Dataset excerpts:
********

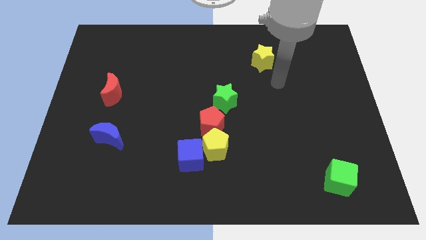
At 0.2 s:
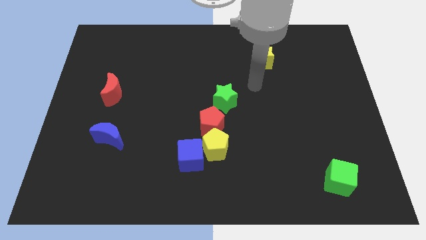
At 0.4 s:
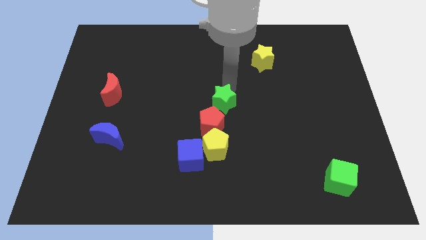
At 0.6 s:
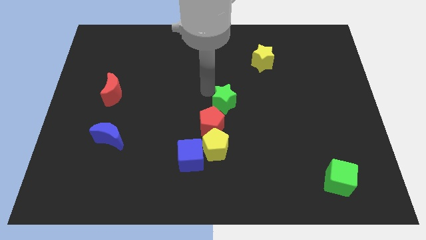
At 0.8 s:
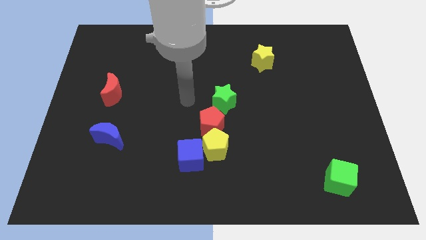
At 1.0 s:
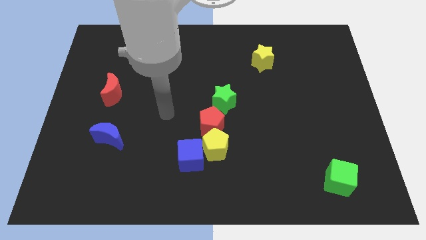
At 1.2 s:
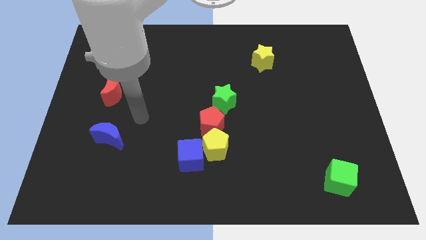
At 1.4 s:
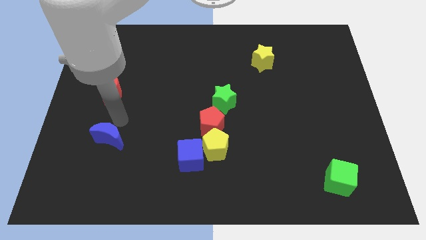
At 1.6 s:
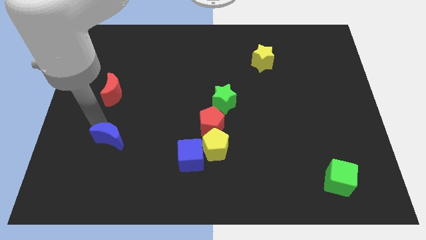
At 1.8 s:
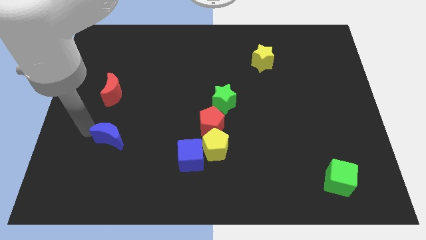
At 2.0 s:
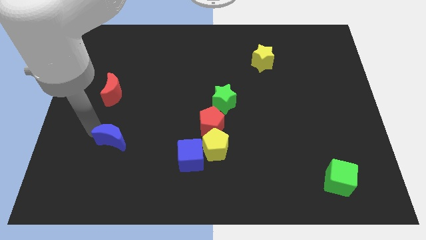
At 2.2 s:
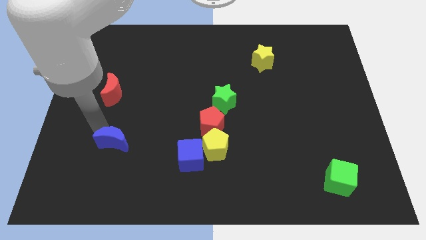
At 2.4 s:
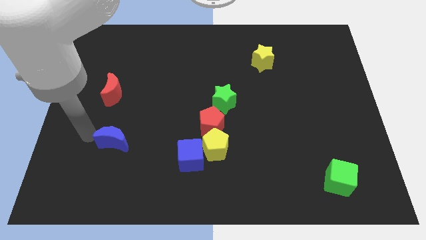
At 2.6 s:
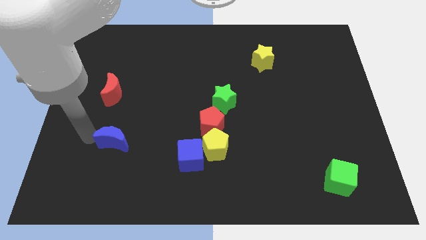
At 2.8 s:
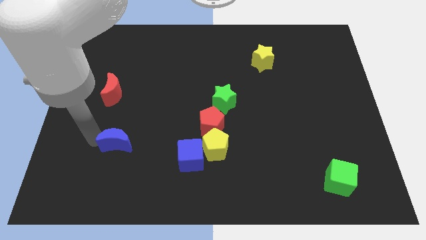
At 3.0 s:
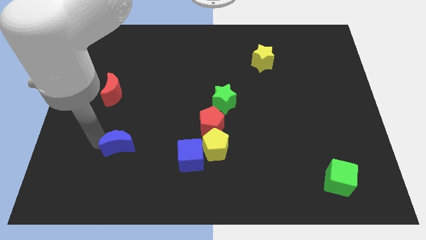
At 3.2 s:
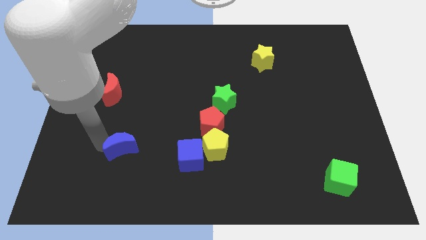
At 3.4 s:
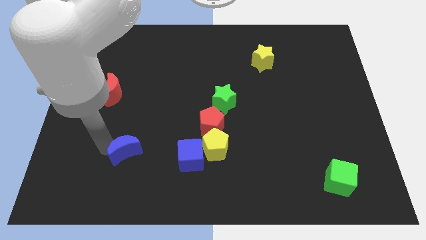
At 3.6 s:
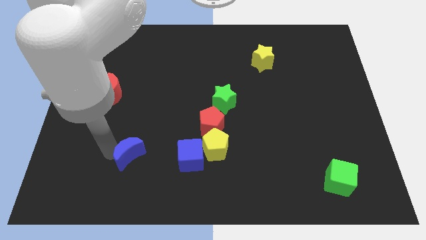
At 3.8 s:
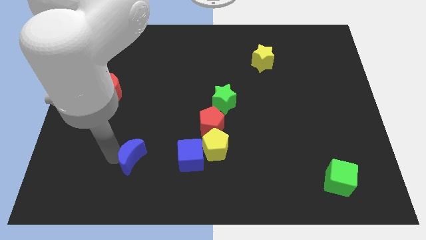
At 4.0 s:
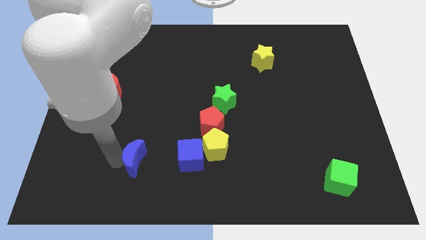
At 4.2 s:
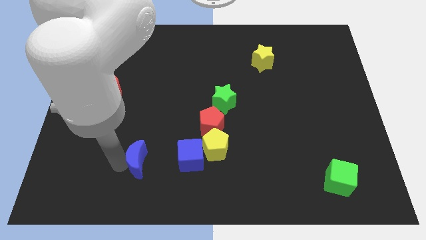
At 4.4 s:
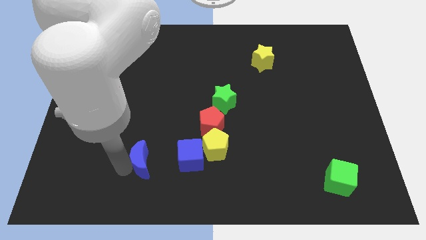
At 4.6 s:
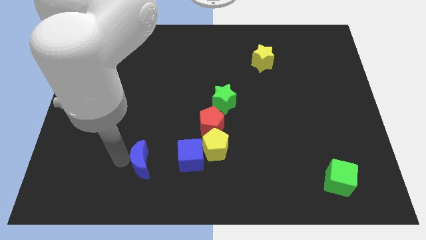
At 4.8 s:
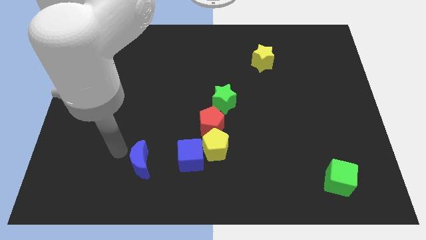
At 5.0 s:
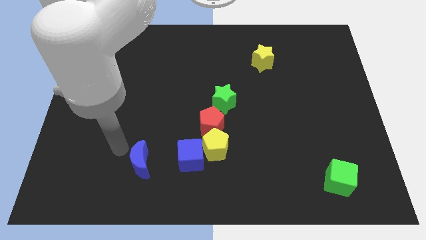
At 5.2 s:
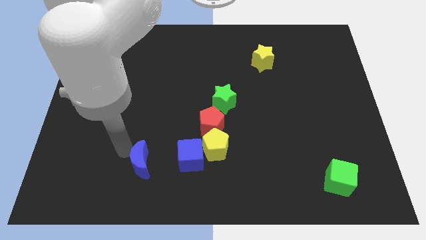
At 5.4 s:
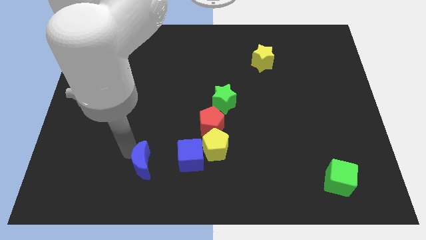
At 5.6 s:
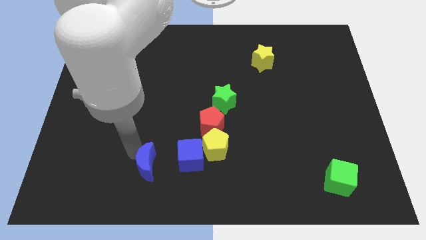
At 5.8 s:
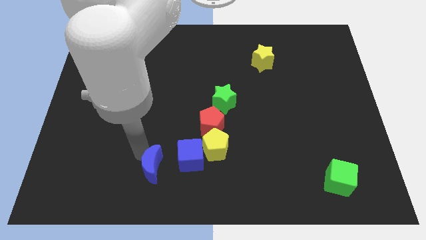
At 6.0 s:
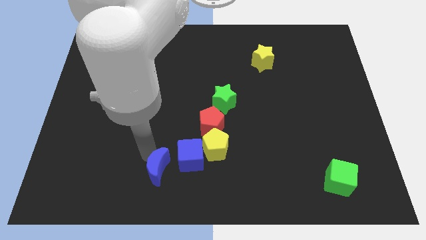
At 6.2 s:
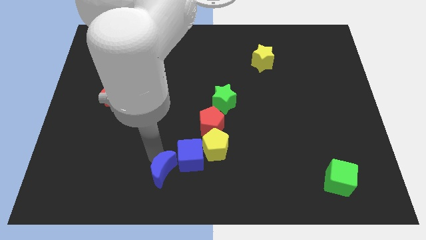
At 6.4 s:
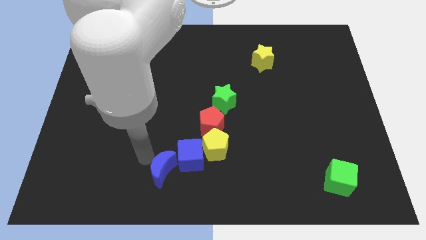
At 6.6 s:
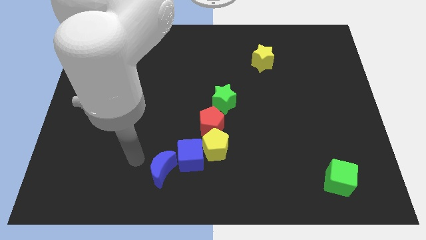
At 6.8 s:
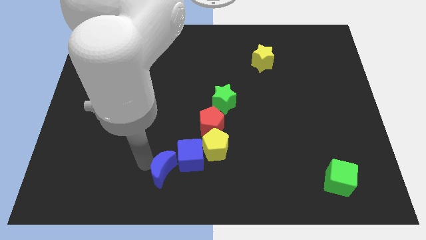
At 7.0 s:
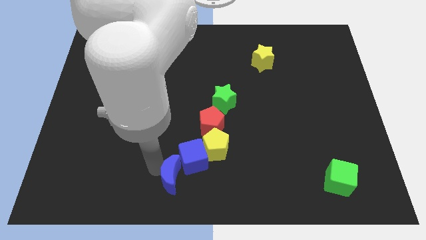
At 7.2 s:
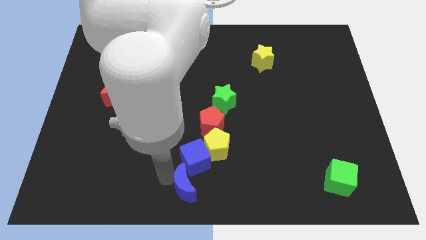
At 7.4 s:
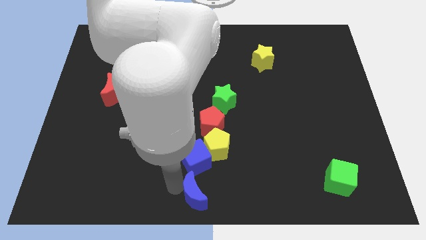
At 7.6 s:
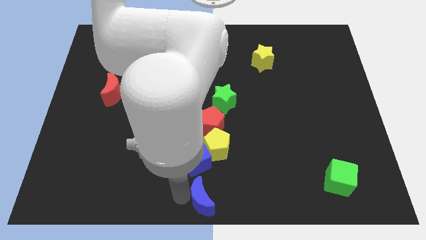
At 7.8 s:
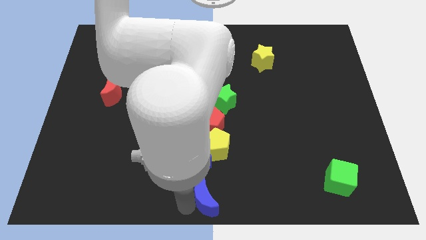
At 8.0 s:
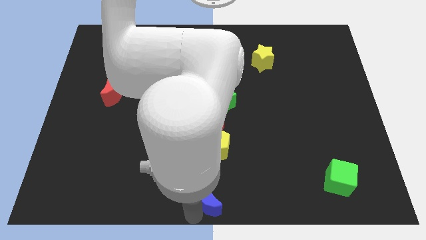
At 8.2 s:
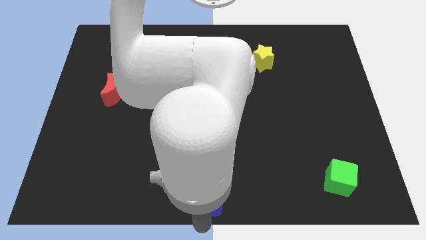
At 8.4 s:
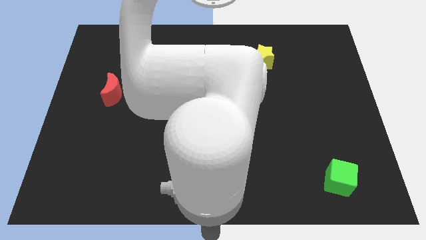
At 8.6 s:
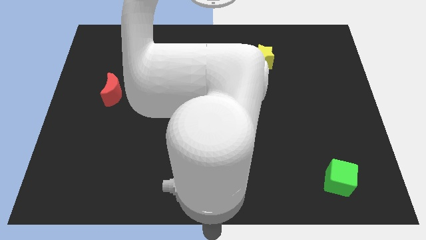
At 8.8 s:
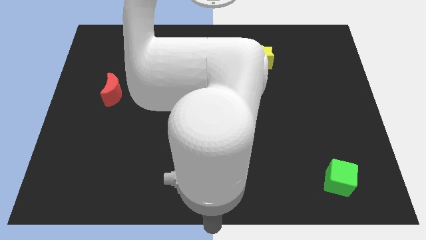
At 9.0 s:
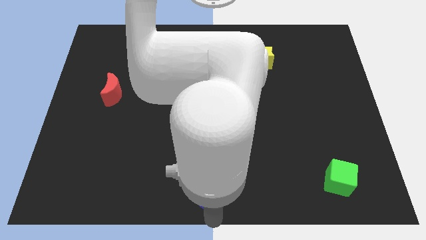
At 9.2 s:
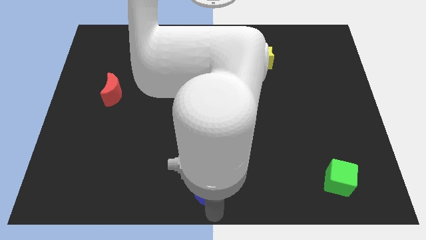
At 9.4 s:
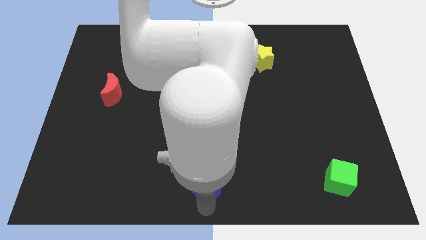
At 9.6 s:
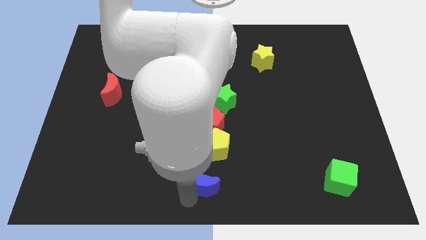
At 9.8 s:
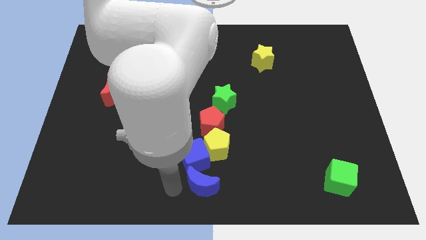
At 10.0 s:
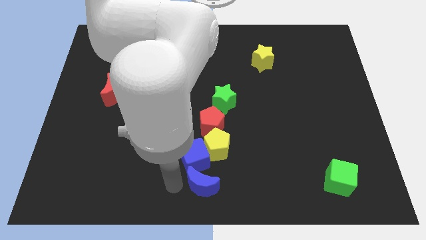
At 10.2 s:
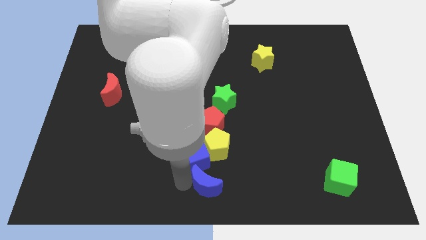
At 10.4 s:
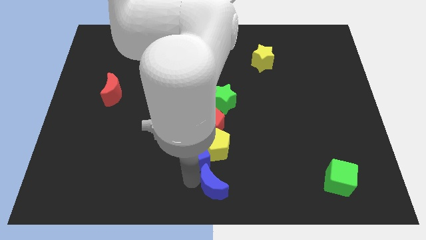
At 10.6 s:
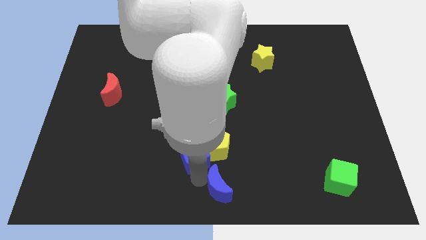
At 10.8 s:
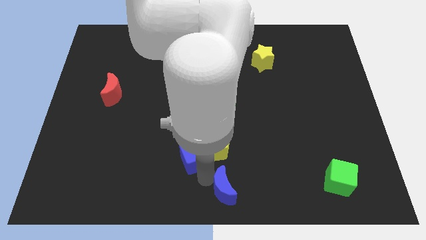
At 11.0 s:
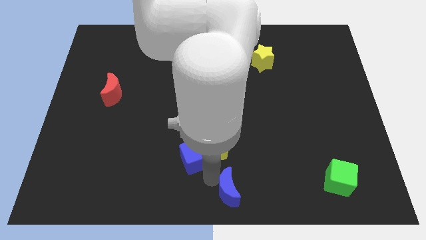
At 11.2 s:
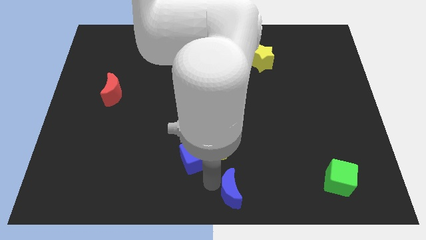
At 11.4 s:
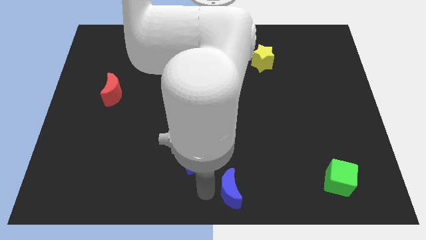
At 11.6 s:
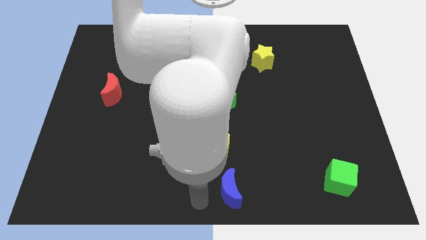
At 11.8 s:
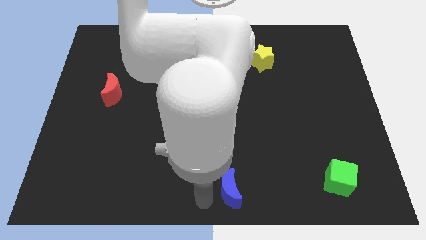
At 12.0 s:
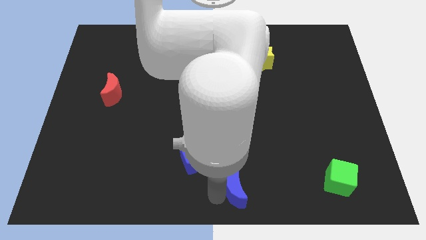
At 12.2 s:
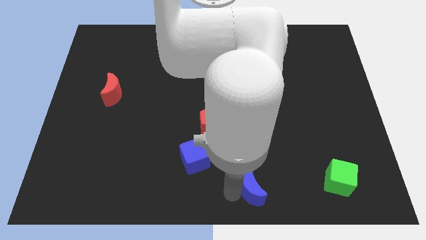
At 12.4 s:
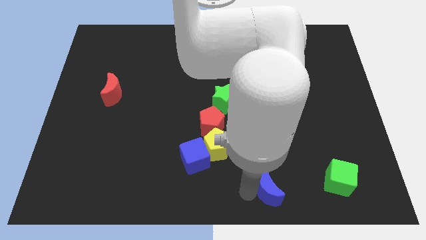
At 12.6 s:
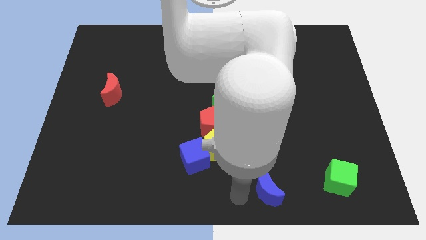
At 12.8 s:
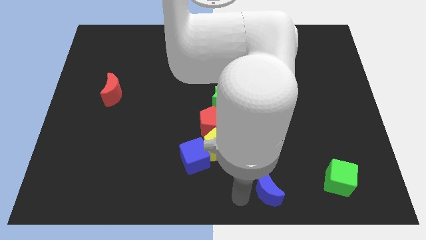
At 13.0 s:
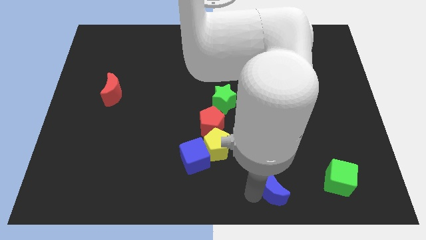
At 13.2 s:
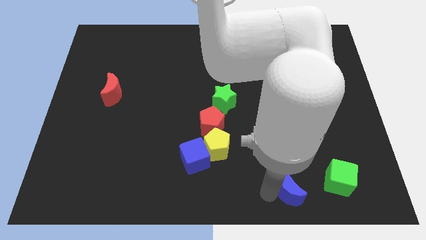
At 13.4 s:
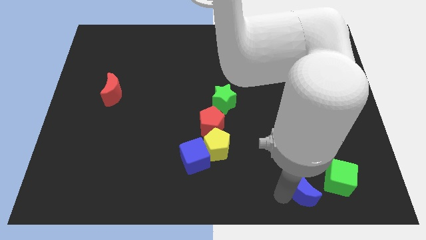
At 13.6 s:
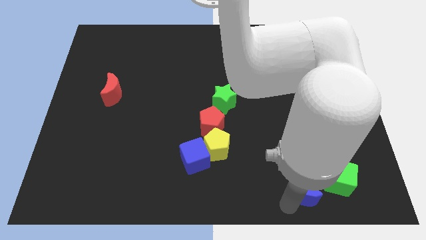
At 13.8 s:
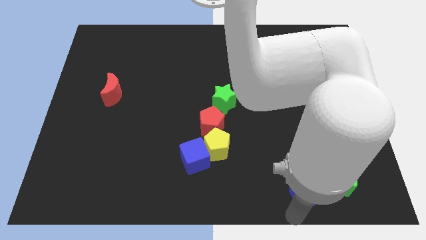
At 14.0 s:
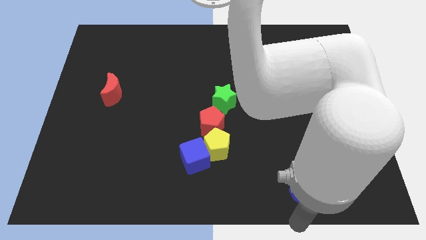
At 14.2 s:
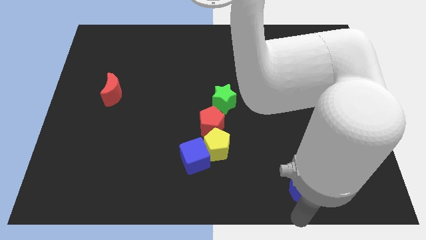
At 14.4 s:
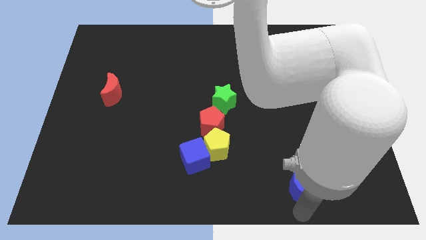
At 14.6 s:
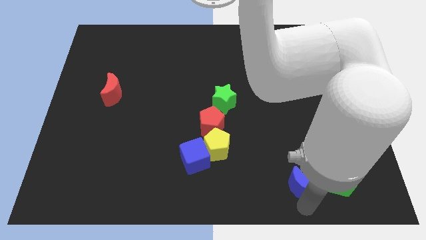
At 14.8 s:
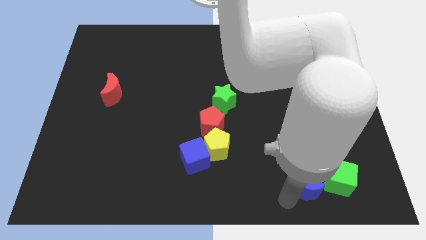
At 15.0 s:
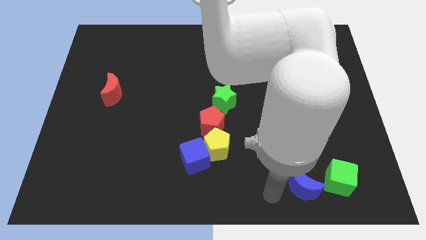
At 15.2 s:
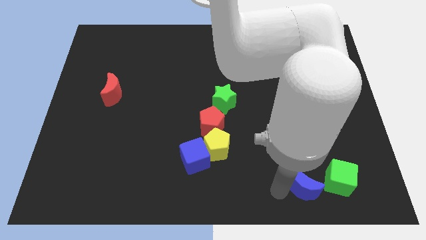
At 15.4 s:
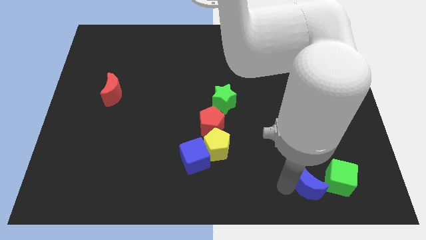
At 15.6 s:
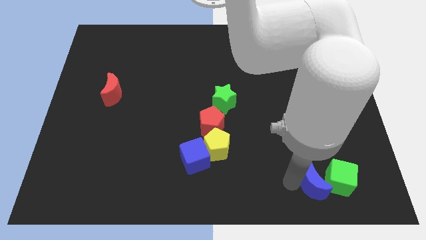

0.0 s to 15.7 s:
slide the blue moon next to the green cube

********

**AIM OF THE EXERCISE:** Should a record include a picture, drop the picture and write out the remainder exactly.

**SOLUTION BELOW:**
At 0.2 s:
At 0.4 s:
At 0.6 s:
At 0.8 s:
At 1.0 s:
At 1.2 s:
At 1.4 s:
At 1.6 s:
At 1.8 s:
At 2.0 s:
At 2.2 s:
At 2.4 s:
At 2.6 s:
At 2.8 s:
At 3.0 s:
At 3.2 s:
At 3.4 s:
At 3.6 s:
At 3.8 s:
At 4.0 s:
At 4.2 s:
At 4.4 s:
At 4.6 s:
At 4.8 s:
At 5.0 s:
At 5.2 s:
At 5.4 s:
At 5.6 s:
At 5.8 s:
At 6.0 s:
At 6.2 s:
At 6.4 s:
At 6.6 s:
At 6.8 s:
At 7.0 s:
At 7.2 s:
At 7.4 s:
At 7.6 s:
At 7.8 s:
At 8.0 s:
At 8.2 s:
At 8.4 s:
At 8.6 s:
At 8.8 s:
At 9.0 s:
At 9.2 s:
At 9.4 s:
At 9.6 s:
At 9.8 s:
At 10.0 s:
At 10.2 s:
At 10.4 s:
At 10.6 s:
At 10.8 s:
At 11.0 s:
At 11.2 s:
At 11.4 s:
At 11.6 s:
At 11.8 s:
At 12.0 s:
At 12.2 s:
At 12.4 s:
At 12.6 s:
At 12.8 s:
At 13.0 s:
At 13.2 s:
At 13.4 s:
At 13.6 s:
At 13.8 s:
At 14.0 s:
At 14.2 s:
At 14.4 s:
At 14.6 s:
At 14.8 s:
At 15.0 s:
At 15.2 s:
At 15.4 s:
At 15.6 s:

0.0 s to 15.7 s:
slide the blue moon next to the green cube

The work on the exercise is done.